# The kernel move plan
## Overview
* /boot is running out of space.
* For a safe upgrade path, the only feasible solution is to move the kernel image to /usr.
* Loading the kernel from elsewhere requires a new GRUB config:
* UEFI: GRUB image will be atomically upgraded.
* BIOS: GRUB cannot be safely upgraded, so rely on existing config loading grub.cfg from the OEM partition.
* The verity root hash can no longer be stored in the kernel image when it lives on the verity device.
* systemd can use the UUID from the verity + verity data partitions, but Flatcar only has a single partition.
* The root hash must therefore remain in /boot but must also be protected.
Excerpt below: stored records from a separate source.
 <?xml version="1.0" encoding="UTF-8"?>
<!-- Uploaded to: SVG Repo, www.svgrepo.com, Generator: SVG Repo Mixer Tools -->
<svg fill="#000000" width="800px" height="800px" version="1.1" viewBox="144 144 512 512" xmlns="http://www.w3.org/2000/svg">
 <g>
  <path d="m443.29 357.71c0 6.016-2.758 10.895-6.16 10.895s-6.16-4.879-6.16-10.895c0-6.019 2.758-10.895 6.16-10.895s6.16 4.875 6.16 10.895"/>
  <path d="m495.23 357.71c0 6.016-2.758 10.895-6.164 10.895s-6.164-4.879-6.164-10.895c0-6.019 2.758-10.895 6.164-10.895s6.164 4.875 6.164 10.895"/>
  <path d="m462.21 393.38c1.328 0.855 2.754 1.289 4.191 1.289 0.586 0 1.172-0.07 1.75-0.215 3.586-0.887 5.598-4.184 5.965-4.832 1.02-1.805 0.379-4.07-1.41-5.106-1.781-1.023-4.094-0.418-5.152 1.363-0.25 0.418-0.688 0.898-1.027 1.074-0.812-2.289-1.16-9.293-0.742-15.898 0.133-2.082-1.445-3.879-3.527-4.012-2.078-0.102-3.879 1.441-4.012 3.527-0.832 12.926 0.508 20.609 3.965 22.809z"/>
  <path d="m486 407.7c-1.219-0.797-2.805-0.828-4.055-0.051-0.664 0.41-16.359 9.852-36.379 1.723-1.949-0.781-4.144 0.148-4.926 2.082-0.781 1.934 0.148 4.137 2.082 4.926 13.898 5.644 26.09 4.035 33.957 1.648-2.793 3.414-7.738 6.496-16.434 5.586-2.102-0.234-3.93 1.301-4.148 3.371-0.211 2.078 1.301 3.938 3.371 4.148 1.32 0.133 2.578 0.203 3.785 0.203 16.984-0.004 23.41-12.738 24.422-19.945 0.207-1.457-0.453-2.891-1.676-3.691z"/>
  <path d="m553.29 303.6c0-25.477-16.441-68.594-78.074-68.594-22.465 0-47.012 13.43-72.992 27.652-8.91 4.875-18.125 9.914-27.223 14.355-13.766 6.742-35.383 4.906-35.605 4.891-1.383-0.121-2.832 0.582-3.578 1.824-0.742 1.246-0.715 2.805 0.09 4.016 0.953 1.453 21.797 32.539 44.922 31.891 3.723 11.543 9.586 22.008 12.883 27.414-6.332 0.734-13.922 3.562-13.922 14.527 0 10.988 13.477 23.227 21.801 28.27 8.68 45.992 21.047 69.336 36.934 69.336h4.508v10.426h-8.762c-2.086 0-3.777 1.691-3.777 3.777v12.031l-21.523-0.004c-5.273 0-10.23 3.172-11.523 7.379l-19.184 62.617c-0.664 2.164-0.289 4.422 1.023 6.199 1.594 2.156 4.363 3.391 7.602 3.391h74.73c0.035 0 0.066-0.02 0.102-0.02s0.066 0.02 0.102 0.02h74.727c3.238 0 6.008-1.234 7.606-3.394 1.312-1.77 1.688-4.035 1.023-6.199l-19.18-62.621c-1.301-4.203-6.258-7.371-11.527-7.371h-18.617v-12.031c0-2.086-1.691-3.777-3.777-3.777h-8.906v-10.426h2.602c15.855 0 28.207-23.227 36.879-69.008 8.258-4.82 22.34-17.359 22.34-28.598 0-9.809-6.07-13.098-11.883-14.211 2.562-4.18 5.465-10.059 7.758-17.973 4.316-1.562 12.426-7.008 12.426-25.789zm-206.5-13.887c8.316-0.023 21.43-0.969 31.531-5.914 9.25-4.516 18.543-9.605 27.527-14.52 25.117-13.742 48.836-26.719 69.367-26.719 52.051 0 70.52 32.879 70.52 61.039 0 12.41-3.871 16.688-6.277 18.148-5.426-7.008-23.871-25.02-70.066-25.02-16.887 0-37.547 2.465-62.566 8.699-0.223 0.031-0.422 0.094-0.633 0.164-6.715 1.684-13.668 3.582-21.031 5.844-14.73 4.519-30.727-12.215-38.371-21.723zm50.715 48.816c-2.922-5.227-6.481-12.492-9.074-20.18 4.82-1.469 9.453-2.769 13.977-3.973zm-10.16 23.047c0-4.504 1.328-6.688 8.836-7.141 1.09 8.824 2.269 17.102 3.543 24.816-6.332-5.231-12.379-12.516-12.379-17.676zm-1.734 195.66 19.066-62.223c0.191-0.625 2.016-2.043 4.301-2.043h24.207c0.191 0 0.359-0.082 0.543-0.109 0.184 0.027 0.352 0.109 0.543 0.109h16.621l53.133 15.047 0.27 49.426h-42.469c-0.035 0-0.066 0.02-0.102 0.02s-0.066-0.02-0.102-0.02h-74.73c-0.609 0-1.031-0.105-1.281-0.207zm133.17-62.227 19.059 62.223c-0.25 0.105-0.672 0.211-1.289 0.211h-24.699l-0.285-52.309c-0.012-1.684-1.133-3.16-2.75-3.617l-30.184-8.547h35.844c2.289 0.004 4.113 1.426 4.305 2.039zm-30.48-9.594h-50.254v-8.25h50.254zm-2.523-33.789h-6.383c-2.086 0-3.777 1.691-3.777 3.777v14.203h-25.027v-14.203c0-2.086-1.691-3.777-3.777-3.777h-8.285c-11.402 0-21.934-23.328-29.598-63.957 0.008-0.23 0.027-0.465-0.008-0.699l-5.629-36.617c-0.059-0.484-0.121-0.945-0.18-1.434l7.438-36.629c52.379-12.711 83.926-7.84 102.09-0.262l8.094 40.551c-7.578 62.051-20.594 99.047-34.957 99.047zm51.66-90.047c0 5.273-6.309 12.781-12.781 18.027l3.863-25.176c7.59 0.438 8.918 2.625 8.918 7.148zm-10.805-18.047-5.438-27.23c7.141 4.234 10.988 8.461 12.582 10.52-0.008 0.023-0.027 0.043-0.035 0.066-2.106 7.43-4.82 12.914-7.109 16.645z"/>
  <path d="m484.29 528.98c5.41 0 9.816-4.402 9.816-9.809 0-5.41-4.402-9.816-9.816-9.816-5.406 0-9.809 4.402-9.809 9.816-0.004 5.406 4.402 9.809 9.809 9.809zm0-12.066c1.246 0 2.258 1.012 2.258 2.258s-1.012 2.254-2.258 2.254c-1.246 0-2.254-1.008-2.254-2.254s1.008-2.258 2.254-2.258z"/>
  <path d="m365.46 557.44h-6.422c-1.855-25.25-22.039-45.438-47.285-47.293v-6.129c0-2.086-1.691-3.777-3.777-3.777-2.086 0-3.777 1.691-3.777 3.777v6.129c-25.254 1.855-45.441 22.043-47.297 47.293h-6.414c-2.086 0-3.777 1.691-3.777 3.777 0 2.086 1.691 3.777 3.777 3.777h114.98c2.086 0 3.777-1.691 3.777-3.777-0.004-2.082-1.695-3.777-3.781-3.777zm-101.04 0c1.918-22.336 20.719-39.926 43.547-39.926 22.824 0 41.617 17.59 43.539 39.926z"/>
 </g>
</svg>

* Our GRUB patch to store it in the kernel image can therefore be dropped.
## The boot process for new deployments
* The shim and GRUB start as before.
* The partition selection is the same, either manual or via `gptprio`.
* The GRUB image cannot have the verity root hash baked in because it needs to support different releases.
* Use a separate executable script to apply the verity root hash.
* Also use this to support different kernel command lines in future without relying on a specific GRUB build.
* Initial script is /boot/flatcar/load-a, to be managed on upgrade with load-b.
* Due to GRUB's limited scripting capabilities, load-a actually defines a function for the main configuration to call.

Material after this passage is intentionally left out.